Of course by now you've guessed it: After seeing Conan at the local multiplex in 1982, I fell madly in love with Sandahl Bergman. The minute she stepped on screen I stopped worrying that this film was going to suck, and I swooned. Here was accessible beauty (that long Germanic nose is so hot!), physical grace and amazing swordsmanship-- everything a 15 year old, comic book collecting boy trapped in the sterile hell of suburban central New Jersey needed in a dream girl. As Valeria, her fighting prowess and selfless devotion to big brutish Schwarzenegger were larger than life, truly mythic, yet believable! Their on-screen chemistry easily transcended the muscle-headed boundaries of sword and sorcery cinema. In a 1982 Sneak Previews episode, both Roger Ebert and Gene Siskel gave Conan a thumbs up, based almost entirely on the romantic element. It was the first love scenes either Bergman or Schwarzenegger--a dancer and a weight lifter as opposed to two pro "actors"-- had ever done, and their relative inexperience fits perfectly with their characters' own sense of wounded bird-style discovery.
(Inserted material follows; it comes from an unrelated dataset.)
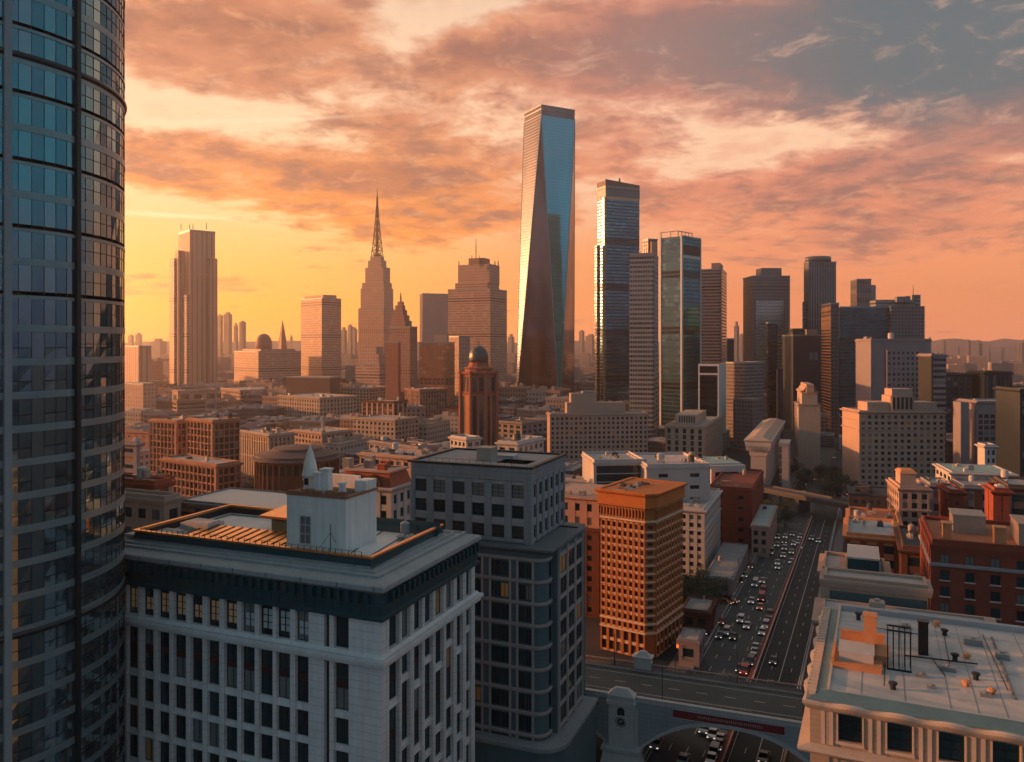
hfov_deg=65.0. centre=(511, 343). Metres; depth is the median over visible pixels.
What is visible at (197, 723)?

Chuckle in disbelief if you will, but Bergman and Schwarzenegger in Conan have the same fragile first-love sweetness that James Dean and Natalie Wood had in Rebel Without a Cause or any of the best Nicholas Ray or Frank Borzage couples, or even Jeff Goldblum and Geena Davis in Cronenberg's Fly remake!

Sexy as she while gyrating and grinding and having her clothes torn off in All that Jazz, there's still no topping the amount of hotness that is Bergman charging into battle in her black full body war paint in Conan. And it's always totally her in the fights; there's no cutting away to a stunt double, and you want reckless realism? She almost lost a finger in one of her scimitar-slashing skirmishes! Such healthy Nordic recklessness gained her the loyal devotion of millions of socially maladjusted young cinema goers like myself. I was so loyal that it took awhile for me to warm up to her scene in All that Jazz, actually, because I felt she was being exploited! I didn't want these dancers all pawing at her. Whoa! Easy there, killer! I had the poster of her with her sword up on my wall for years, her quizzical look at the camera while holding her scimitar, as if she wasn't sure whether to kiss you or kill you. Her muscular, super sexy thigh exposed--just enough to be hot but not enough to be sleaz--made my own German-Scandinavian blood rise up like a vengeful, anguished tide.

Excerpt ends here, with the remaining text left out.